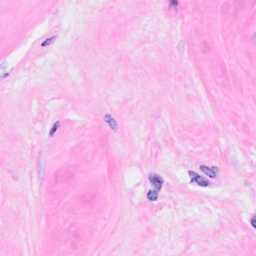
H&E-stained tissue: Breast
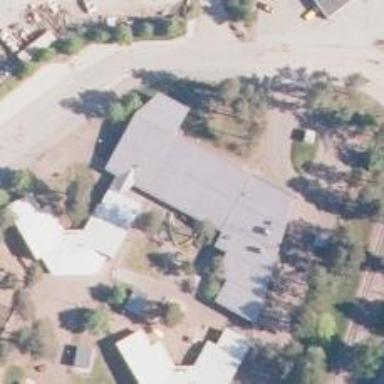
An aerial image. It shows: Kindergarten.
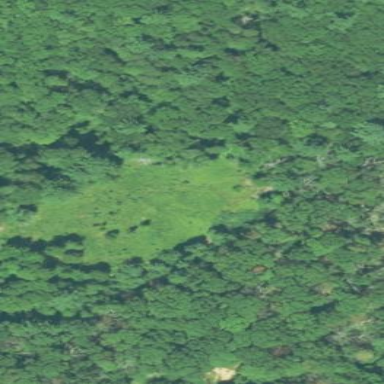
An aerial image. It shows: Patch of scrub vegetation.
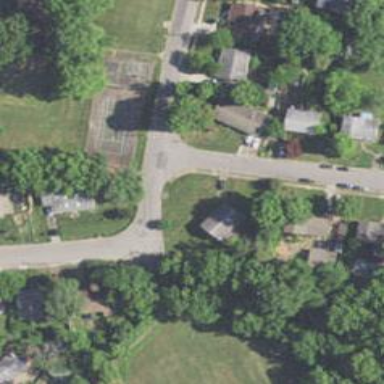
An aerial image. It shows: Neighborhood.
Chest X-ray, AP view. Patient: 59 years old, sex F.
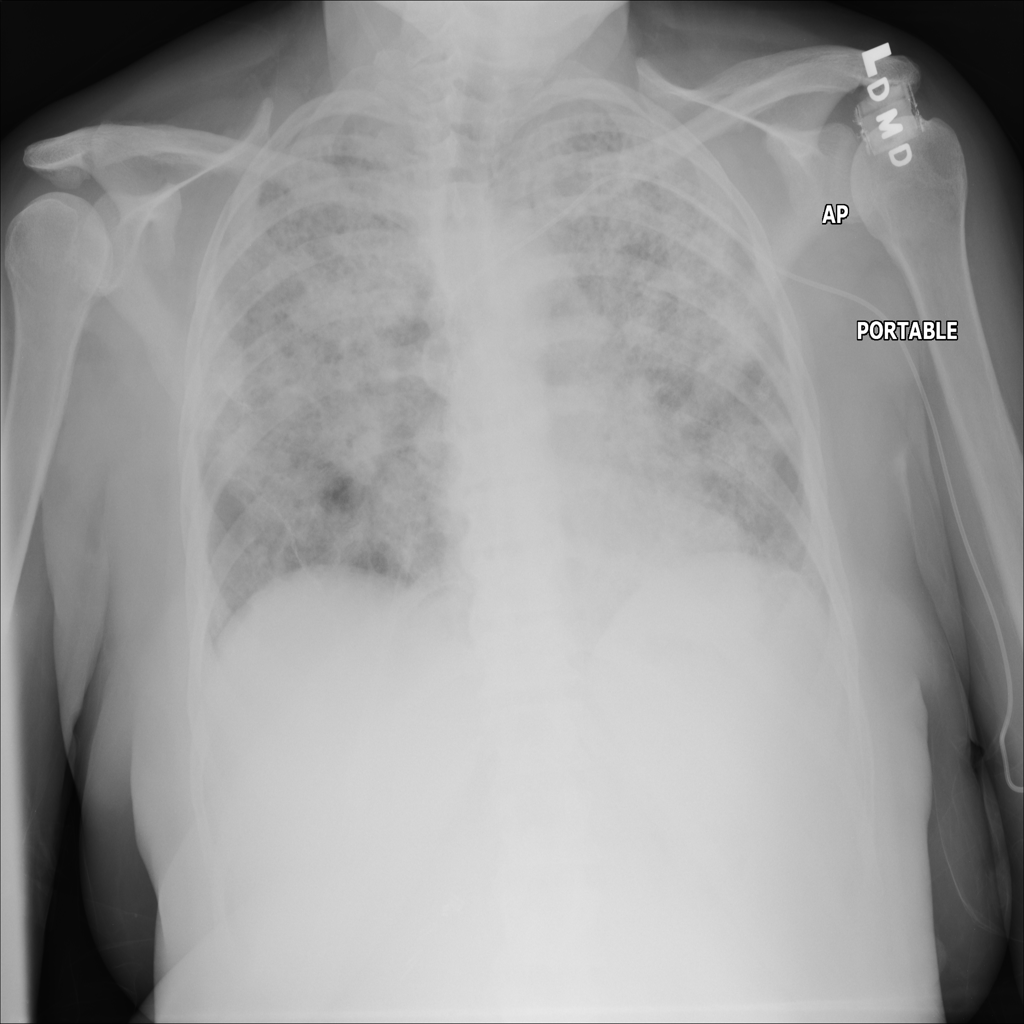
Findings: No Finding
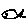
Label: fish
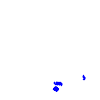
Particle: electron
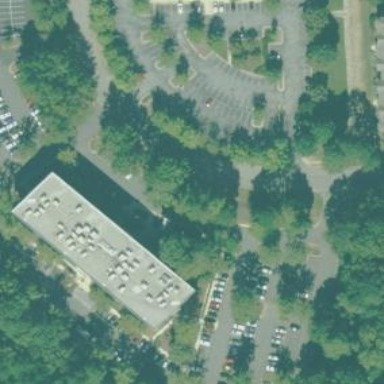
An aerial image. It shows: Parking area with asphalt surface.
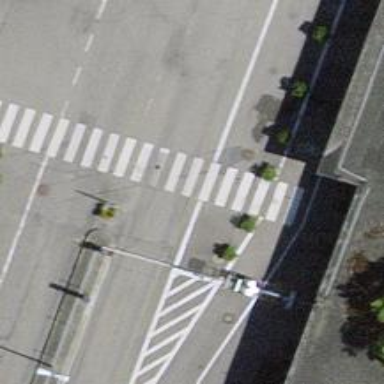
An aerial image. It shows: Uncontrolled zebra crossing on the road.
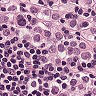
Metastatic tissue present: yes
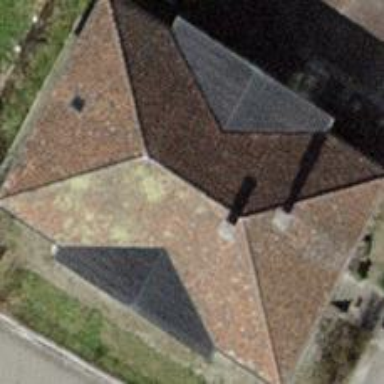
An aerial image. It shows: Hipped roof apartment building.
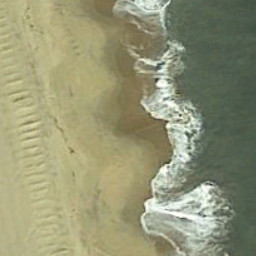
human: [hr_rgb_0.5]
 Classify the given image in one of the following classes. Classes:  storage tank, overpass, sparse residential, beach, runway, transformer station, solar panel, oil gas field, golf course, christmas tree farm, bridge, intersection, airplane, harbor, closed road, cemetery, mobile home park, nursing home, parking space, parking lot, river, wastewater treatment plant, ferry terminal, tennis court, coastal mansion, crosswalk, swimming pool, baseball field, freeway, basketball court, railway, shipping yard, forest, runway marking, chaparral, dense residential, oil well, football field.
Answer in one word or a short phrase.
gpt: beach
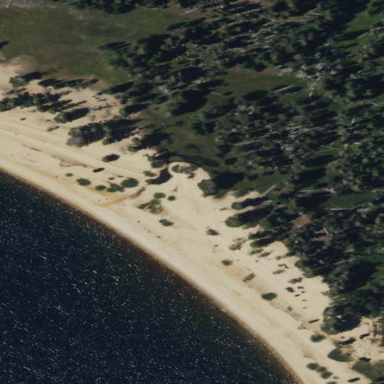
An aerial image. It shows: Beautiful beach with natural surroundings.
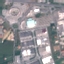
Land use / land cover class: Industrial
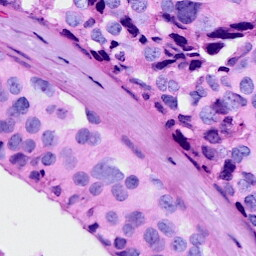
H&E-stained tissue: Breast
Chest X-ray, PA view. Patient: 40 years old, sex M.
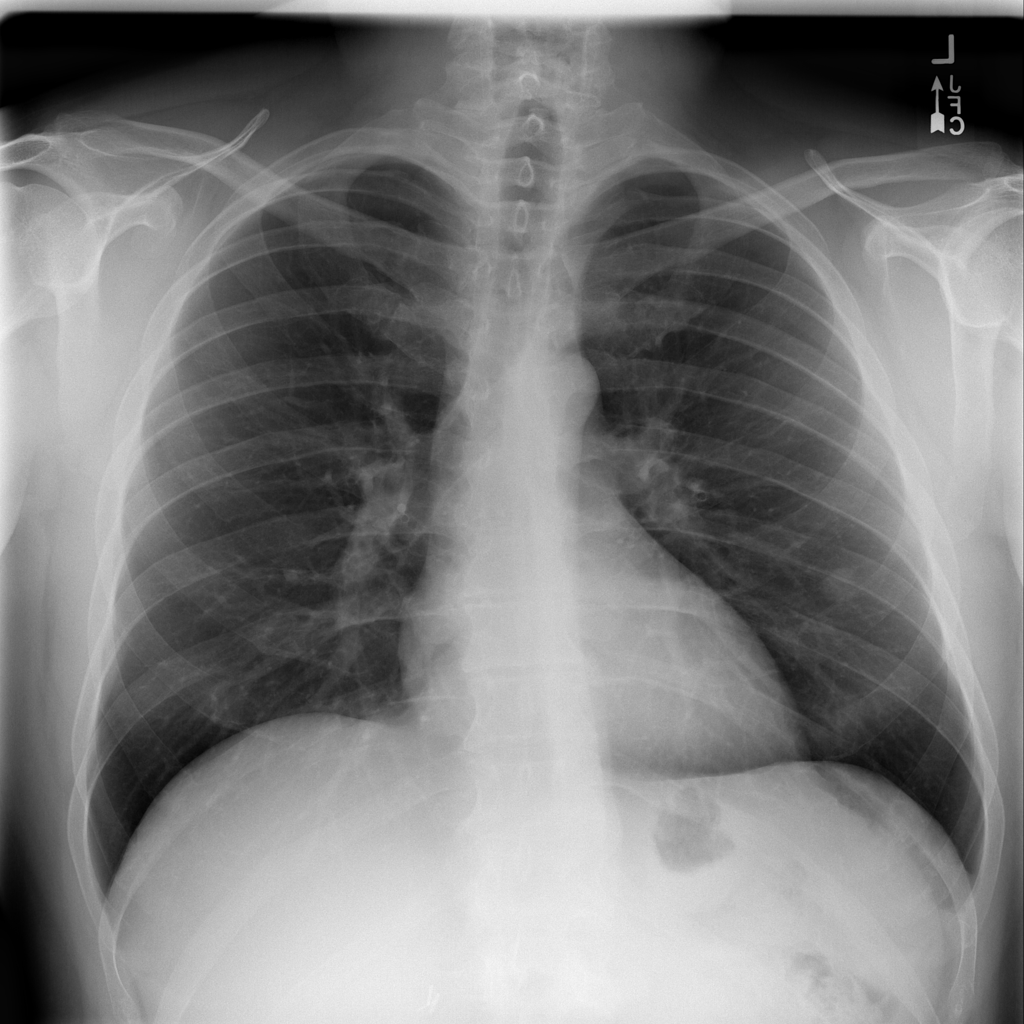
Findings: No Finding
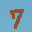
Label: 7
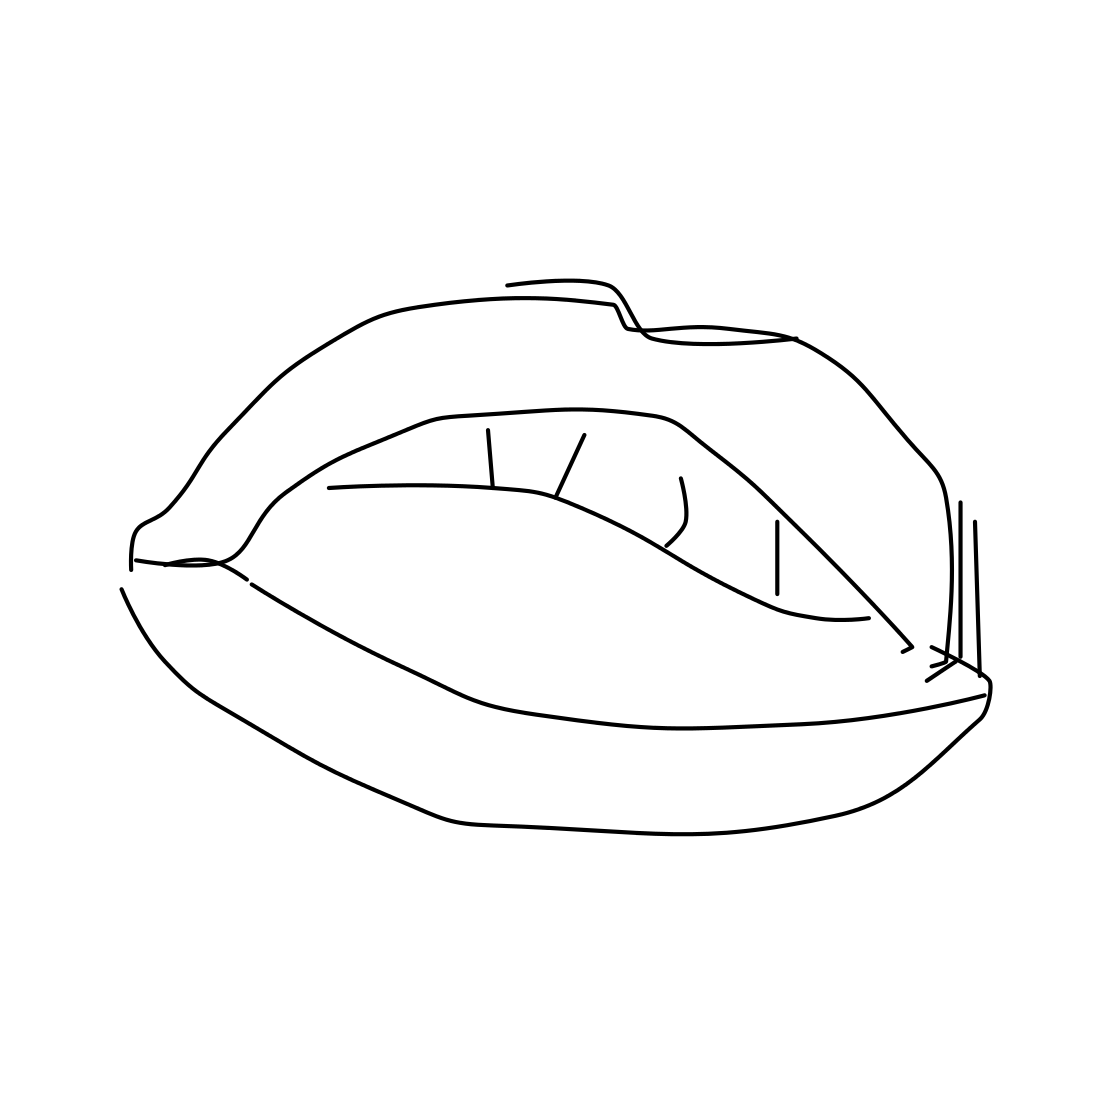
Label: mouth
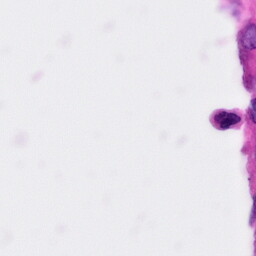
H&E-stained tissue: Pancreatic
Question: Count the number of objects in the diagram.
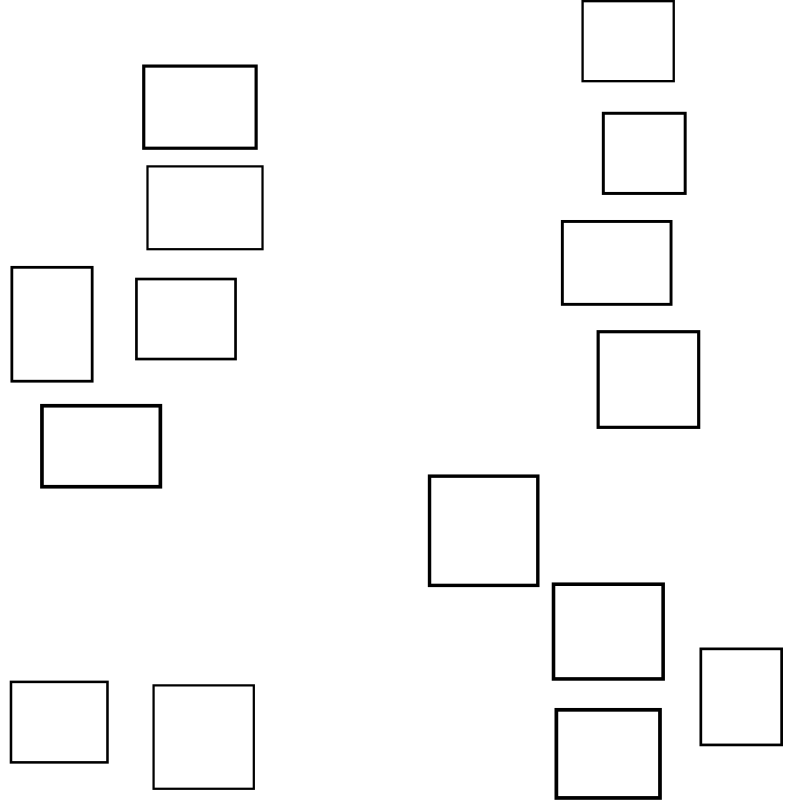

■ Your task: Print each record as it appears above, dropping every picture from the copy.

■ Response to this task:
H&E-stained tissue: Breast
An aerial image. It shows: Kindergarten.
An aerial image. It shows: Patch of scrub vegetation.
An aerial image. It shows: Neighborhood.
Chest X-ray, AP view. Patient: 59 years old, sex F.
Findings: No Finding
Label: fish
Particle: electron
An aerial image. It shows: Parking area with asphalt surface.
An aerial image. It shows: Uncontrolled zebra crossing on the road.
Metastatic tissue present: yes
An aerial image. It shows: Hipped roof apartment building.
human: [hr_rgb_0.5]
 Classify the given image in one of the following classes. Classes:  storage tank, overpass, sparse residential, beach, runway, transformer station, solar panel, oil gas field, golf course, christmas tree farm, bridge, intersection, airplane, harbor, closed road, cemetery, mobile home park, nursing home, parking space, parking lot, river, wastewater treatment plant, ferry terminal, tennis court, coastal mansion, crosswalk, swimming pool, baseball field, freeway, basketball court, railway, shipping yard, forest, runway marking, chaparral, dense residential, oil well, football field.
Answer in one word or a short phrase.
gpt: beach
An aerial image. It shows: Beautiful beach with natural surroundings.
Land use / land cover class: Industrial
H&E-stained tissue: Breast
Chest X-ray, PA view. Patient: 40 years old, sex M.
Findings: No Finding
Label: 7
Label: mouth
H&E-stained tissue: Pancreatic
Question: Count the number of objects in the diagram.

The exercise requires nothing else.